# Setup

In [1]:
import os
from Bio import SeqIO, Align
from Bio.Seq import Seq

# Set up aligner, functions and parameters

In [2]:
aligner = Align.PairwiseAligner()
aligner.mode = 'local'
aligner.open_gap_score = -10
aligner.extend_gap_score = -10

In [3]:
def filter_fastq(query_seq, signature_seq1, signature_seq2, min_score):
    '''Checks whether the read scores a hit with any of the signature sequence in either orientation'''
    
    all_signature_seqs = [
        signature_seq1,
        signature_seq2,
        signature_seq1.reverse_complement(),
        signature_seq2.reverse_complement()
    ]
    
    match_found = False
    for signature_seq in all_signature_seqs:
        alignment = aligner.align(query_seq, signature_seq)
        if alignment.score >= min_score:
            match_found = True
            break
    return match_found

# Change new_filename below to customize the output filename
def map_filename(filename):
    library_info = filename.split(".fq")[0].split("NGS_raw_")[1]
    read_direction = library_info.split("_")[2]
    new_filename = "example_IBM_NGS_filtered_" + library_info + ".fq"
    return new_filename

In [4]:
# Determine how long the sequence within the entered signature sequence will be used
signature_len = 12

# Example on an IBM library of mCherry split by the split M86 intein

In [5]:
M86_N_seq_30 = Seq("TGGAtgcatctcgggagatagtttgatcag")
M86_C_seq_30 = Seq("TGAgttatgtacaatgatgtcattggcgac") # in reverse complement of the M86 CDS

M86_N_sig = M86_N_seq_30[:signature_len]
M86_C_sig = M86_C_seq_30[:signature_len]

In the example below, the example "raw file" is truncated to the first 10,000 records.

In [6]:
raw_filenames = [
    "example_IBM_NGS_raw_1_mCherry_1.fq" # Expand this list for actual looping between multiple files
    ]

In [7]:
for raw_filename in raw_filenames:
    new_filename = map_filename(raw_filename)
    new_file_path = os.path.join("filtered_fastq_files", new_filename)
    raw_file_path = os.path.join("raw_fastq_files", raw_filename)
    read_handle = open(raw_file_path, "r")
    input_seq_iterator = SeqIO.parse(read_handle, "fastq")
    write_handle = open(new_file_path, "w")
    output_seq_iterator = (record for record in input_seq_iterator \
                       if filter_fastq(record.seq, M86_N_sig, M86_C_sig, signature_len) == True)
    SeqIO.write(output_seq_iterator, write_handle, "fastq")
    read_handle.close()
    write_handle.close()

# Inspect before and after filter 
(The section below is typically not used in the data analysis pipeline.

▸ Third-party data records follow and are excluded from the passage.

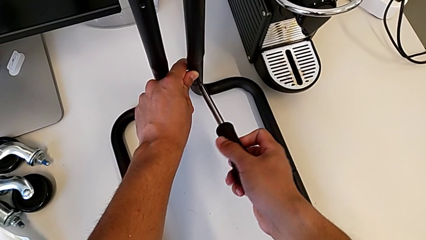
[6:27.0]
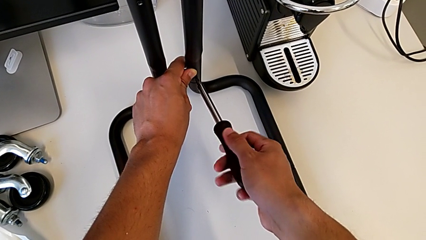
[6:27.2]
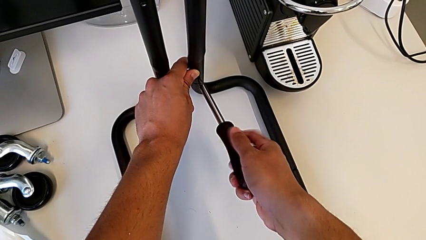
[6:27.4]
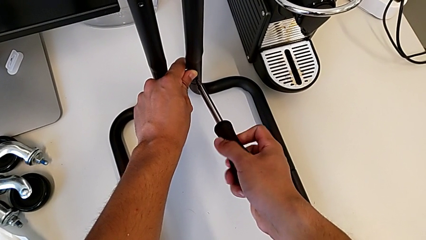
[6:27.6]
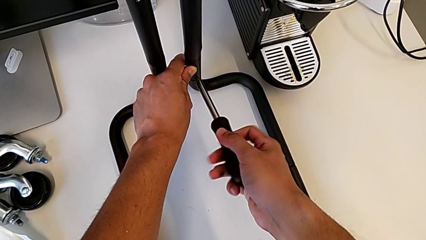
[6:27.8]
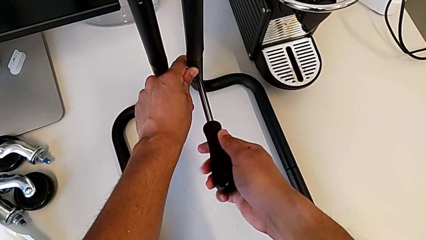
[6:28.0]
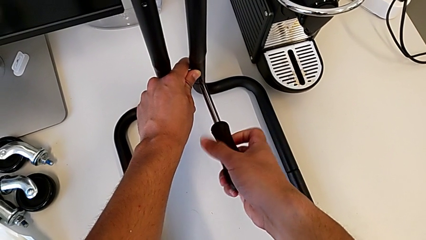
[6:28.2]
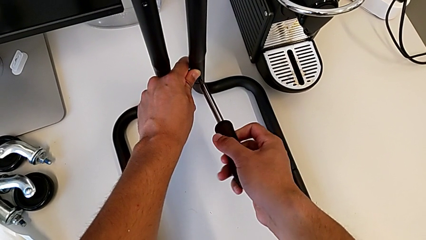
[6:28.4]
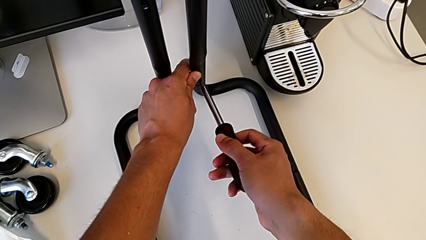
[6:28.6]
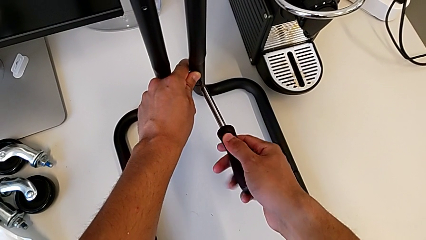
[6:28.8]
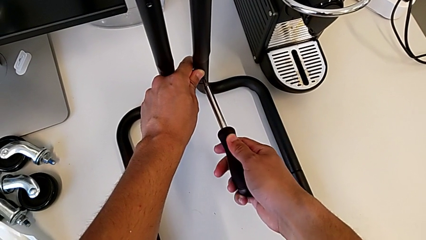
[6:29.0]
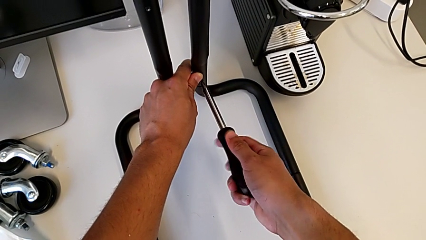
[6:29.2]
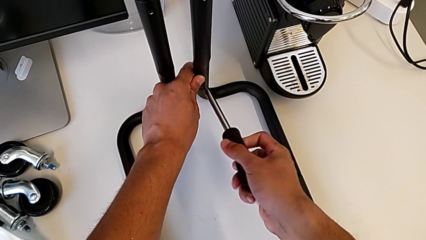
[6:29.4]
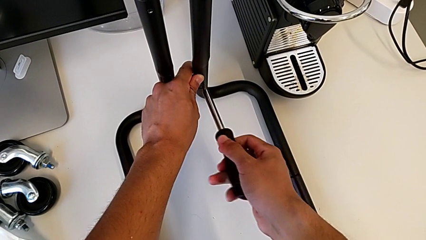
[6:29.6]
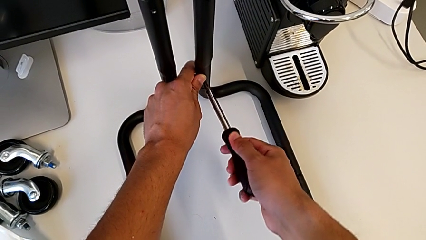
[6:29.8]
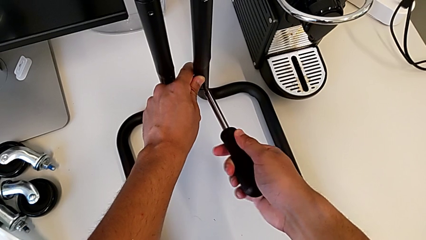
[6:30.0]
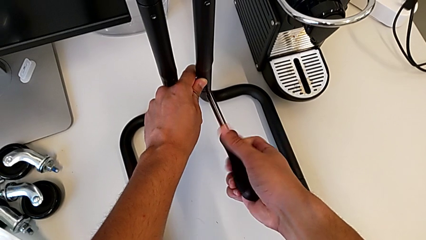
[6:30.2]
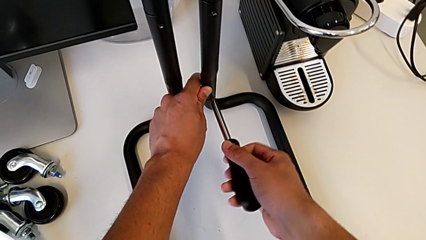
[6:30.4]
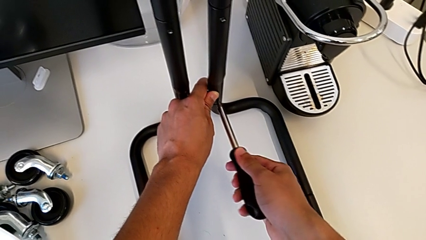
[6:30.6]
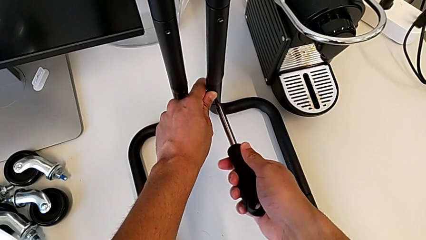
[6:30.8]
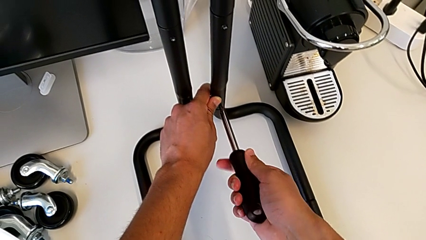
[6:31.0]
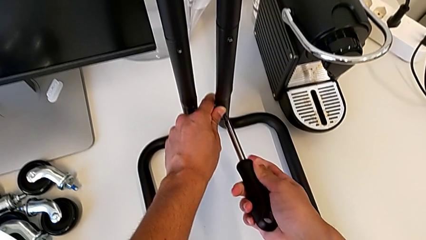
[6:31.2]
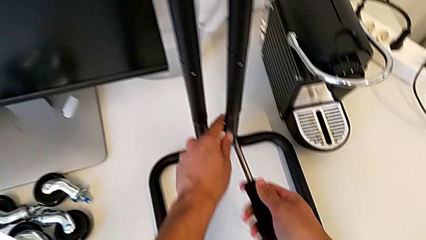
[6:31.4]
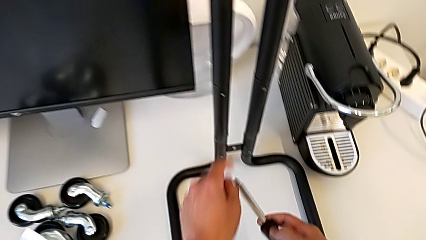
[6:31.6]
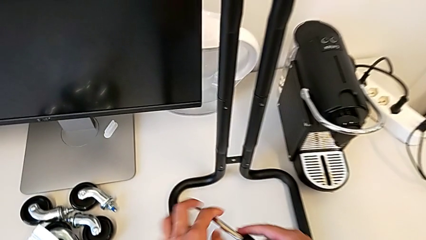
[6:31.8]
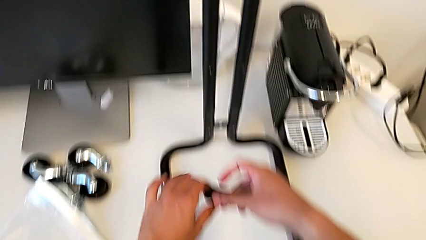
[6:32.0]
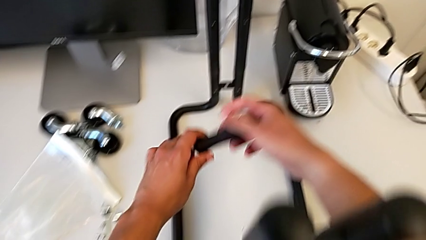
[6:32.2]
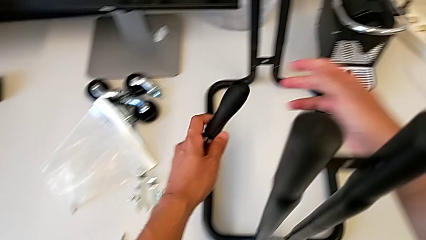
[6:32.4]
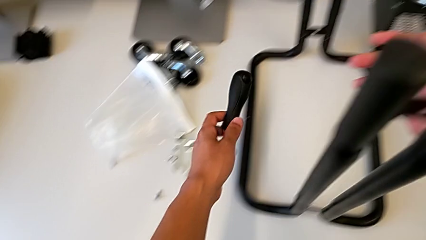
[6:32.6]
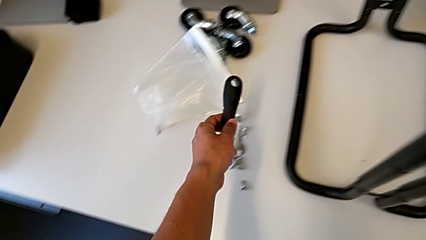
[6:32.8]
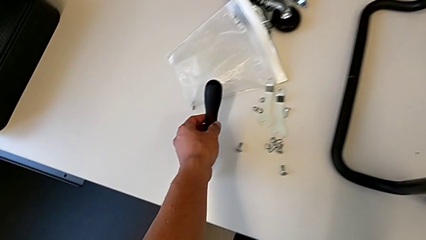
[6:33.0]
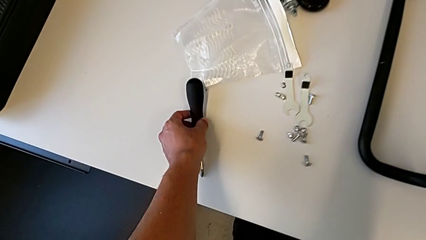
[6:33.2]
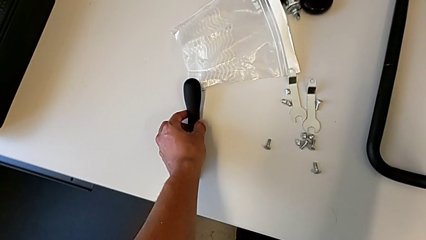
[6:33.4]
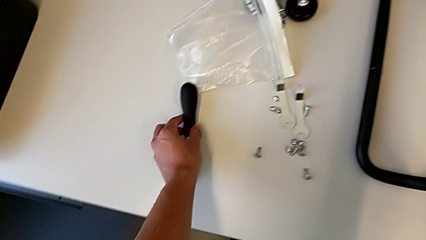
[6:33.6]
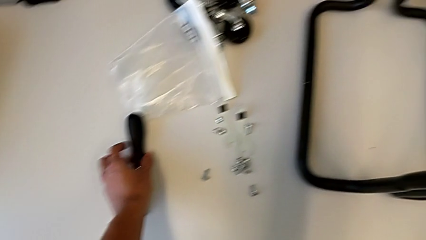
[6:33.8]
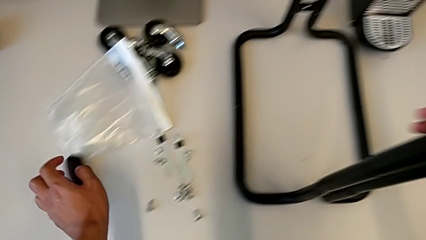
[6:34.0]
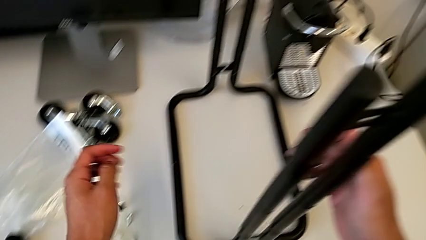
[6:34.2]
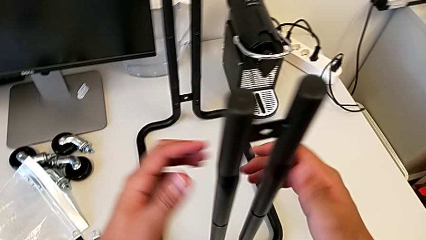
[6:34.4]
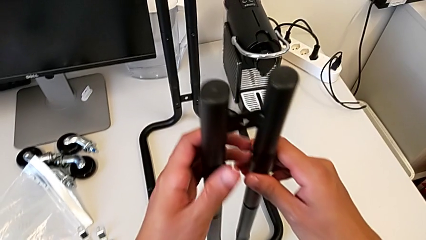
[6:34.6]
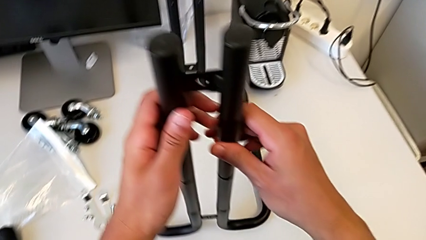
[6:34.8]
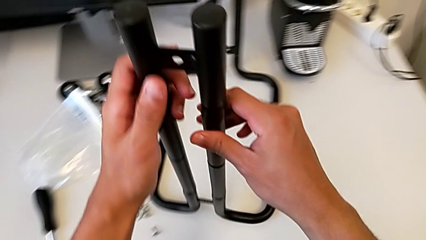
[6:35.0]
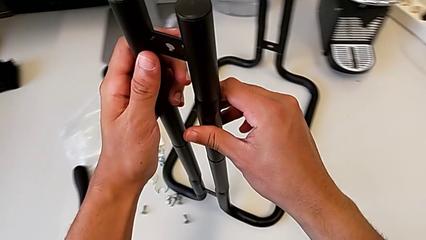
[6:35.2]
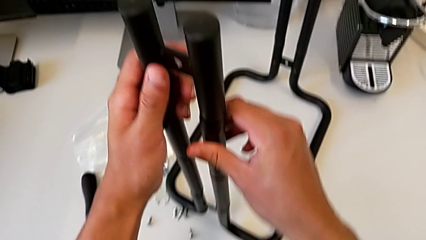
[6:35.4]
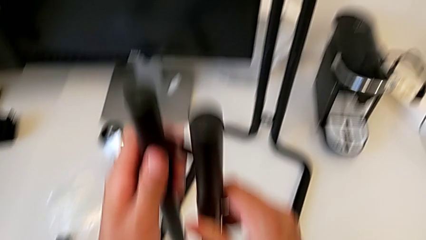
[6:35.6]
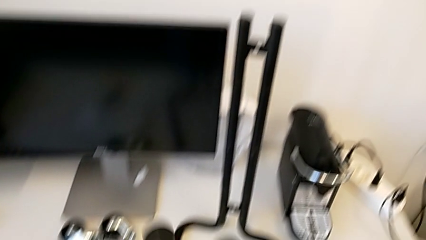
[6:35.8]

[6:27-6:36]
The camera wearer is screwing the second sidebar to the base frame. They keep screwing the fifth screw and place the screwdriver.

It is only used here to show the effect of filtering.)

In [8]:
def count_total_reads(file_path):
    read_handle = open(file_path, "r")
    input_seq_iterator = SeqIO.parse(read_handle, "fastq")
    count = 0
    for rec in input_seq_iterator:
        count+=1
    return count

In [9]:
# Count total number of reads in the raw file
print("Unfiltered read counts =", count_total_reads(raw_file_path))

Unfiltered read counts = 10000


In [10]:
# Count total number of reads in the filtered file
print("Filtered read counts =", count_total_reads(new_file_path))

Filtered read counts = 635


Therefore, in the example file there are approximately 6.4% of reads that contain the signature sequences.